CS297 Proposal

High performance document store implementation in Rust

Ishaan Aggarwal (ishaan.aggarwal@sjsu.edu)

Advisor: Dr. Chris Pollett


The aim of this project is to implement a high performance document store which is robust and memory efficient as well. This will be achieved while migrating the older PHP based implementation of data storage for the Yioop! open source search engine to RUST based implementation. The reason for choosing Rust is that it allows more efficient memory management, easier maintenance, robustness and faster performance.


Week 1: 02-02-2021 - 02-09-2021Overview of the project topic, Finalize the deliverables, Drafting the proposal
Week 2: 02-09-2021 - 02-16-2021Environment setup, Rust hands-on, and study relevant research papers
Week 3: 02-16-2021 - 02-23-2021Begin work on Deliverable 1 and study relevant research papers for Deliverable 3
Week 4: 02-23-2021 - 03-02-2021Finish Deliverable 1
Week 5: 03-02-2021 - 03-09-2021Begin work on Deliverable 2
Week 6: 03-09-2021 - 03-16-2021Continue work on Deliverable 2 and study relevant research papers for Deliverable 4
Week 7: 03-16-2021 - 03-23-2021Finish Deliverable 2
Week 8: 03-23-2021 - 03-30-2021Begin work on Deliverable 3
Week 9: 03-30-2021 - 04-06-2021Spring Break
Week 10: 04-06-2021 - 04-13-2021Continue work on Deliverable 3 and prepare slides on findings for deliverable 4
Week 11: 04-13-2021 - 04-20-2021Finish Deliverable 3
Week 12: 04-20-2021 - 04-27-2021Begin work on Deliverable 4
Week 13: 04-27-2021 - 05-04-2021Continue work on Deliverable 4 and look-ahead to final report
Week 14: 05-04-2021 - 05-11-2021Finish Deliverable 4 and start final CS297 report
Week 15: 05-11-2021 - 05-18-2021Finals Week - Report due


The full project will be done when CS298 is completed. The following will be done by the end of CS297:

1. A single node server that can receive requests for a document by key and return the corresponding document.

2 Implement linear hashing using rust.

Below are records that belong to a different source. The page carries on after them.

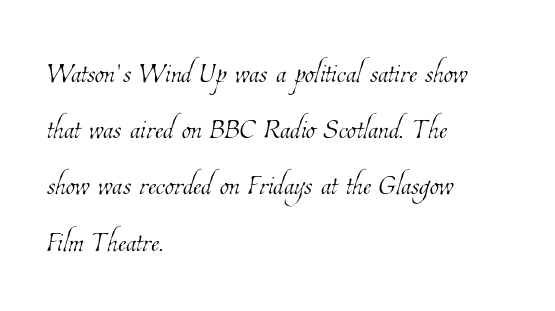
{"bold": "no", "weight": "thin", "width": "condensed", "stroke_contrast": "low", "x_height": "medium", "monospaced": "no", "underline": "no", "align": "left", "line_spacing": "normal", "line_spacing_ratio": 1.48, "letter_spacing": "normal", "letter_spacing_em": 0.0, "glyph_px": 38}
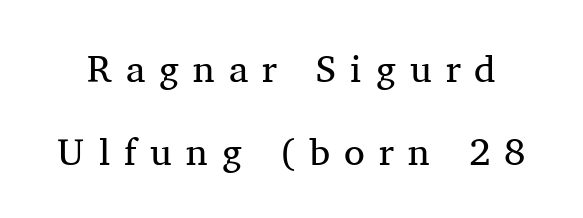
{"serif": "yes", "italic": "no", "bold": "no", "weight": "regular", "width": "normal", "stroke_contrast": "medium", "x_height": "medium", "monospaced": "no", "underline": "no", "line_spacing": "loose", "line_spacing_ratio": 2.18, "letter_spacing": "wide", "letter_spacing_em": 0.37, "glyph_px": 38}
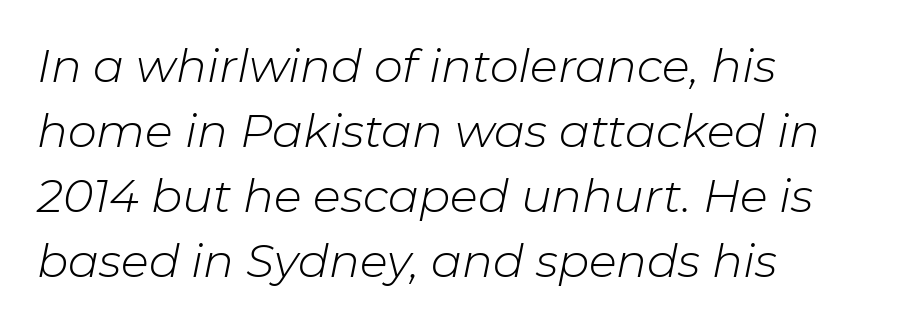
{"italic": "yes", "lean": "right", "slant_degrees": 11, "bold": "no", "weight": "light", "width": "normal", "stroke_contrast": "low", "x_height": "medium", "monospaced": "no", "underline": "no", "align": "left", "line_spacing": "normal", "line_spacing_ratio": 1.41, "letter_spacing": "normal", "letter_spacing_em": 0.0, "glyph_px": 46}

This will be leveraged in Deliverable 4.

3. Read and write documents from/to warc files.

4. Implement the key-value store using consistent hashing.

5. TBD - Migrate some portion of the PHP code to RUST.

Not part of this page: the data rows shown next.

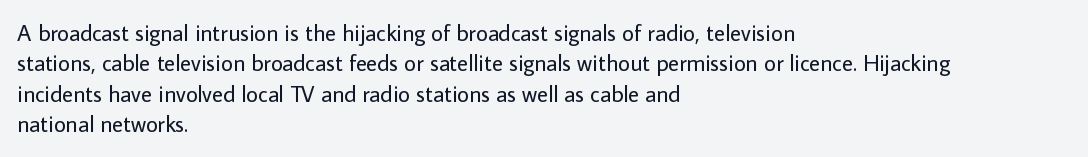
The image shows 23 px text type, upright; set left-aligned, normal line spacing (1.32x), normal letter spacing, not underlined.
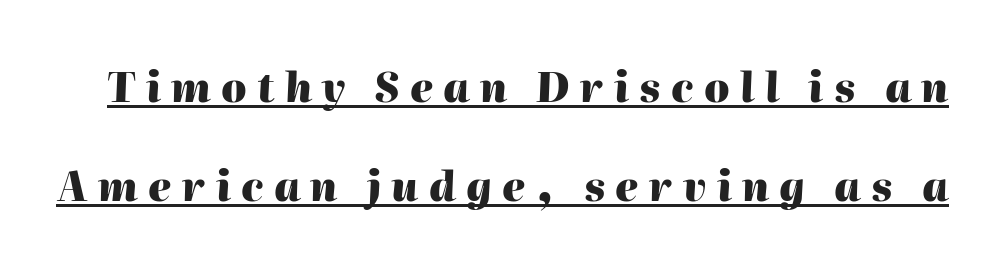
Q: Is the text bold? A: Yes.
Q: Is the text italic (slanted)? A: Yes, it leans right by about 2 degrees.
Q: Is the text underlined? A: Yes.
Q: Is the spacing between letters normal or unusually wide? A: Unusually wide.
Q: Is the spacing between lines tight, normal or loose? A: Loose.
Q: Width (condensed, normal, or wide)? A: Normal.
Q: Stroke contrast? A: High.
Q: x-height? A: Medium.
Q: Monospaced? A: No.

[1] [2012] Corbett, J., Dean, J., Epstein, M. et al. Spanner: Google's globally distributed database. In Proceedings of OSDI'12: Tenth Symposium on Operating System Design and Implementation, Hollywood, CA, October 2012.

[2] [2019] Khan, S., Liu, X., Ali, S. A., and Alam, M. (2019). Storage solutions for big data systems: A qualitative study and comparison. arXiv preprint arXiv:1904.11498.

[3] [2020] Okazaki, S. (2020). An experimental study of memory management in Rust programming for big data processing (Doctoral dissertation, Boston University).

[4] [2021] Rust programming best practices with examples: https://github.com/mre/idiomatic-rust

[5] [2018] Gjengset, J., Schwarzkopf, M., Behrens, J., Araujo, L. T., Ek, M., Kohler, E., ... and Morris, R. (2018). Noria: dynamic, partially-stateful data-flow for high-performance web applications. In 13th {USENIX} Symposium on Operating Systems Design and Implementation ({OSDI} 18) (pp. 213-231).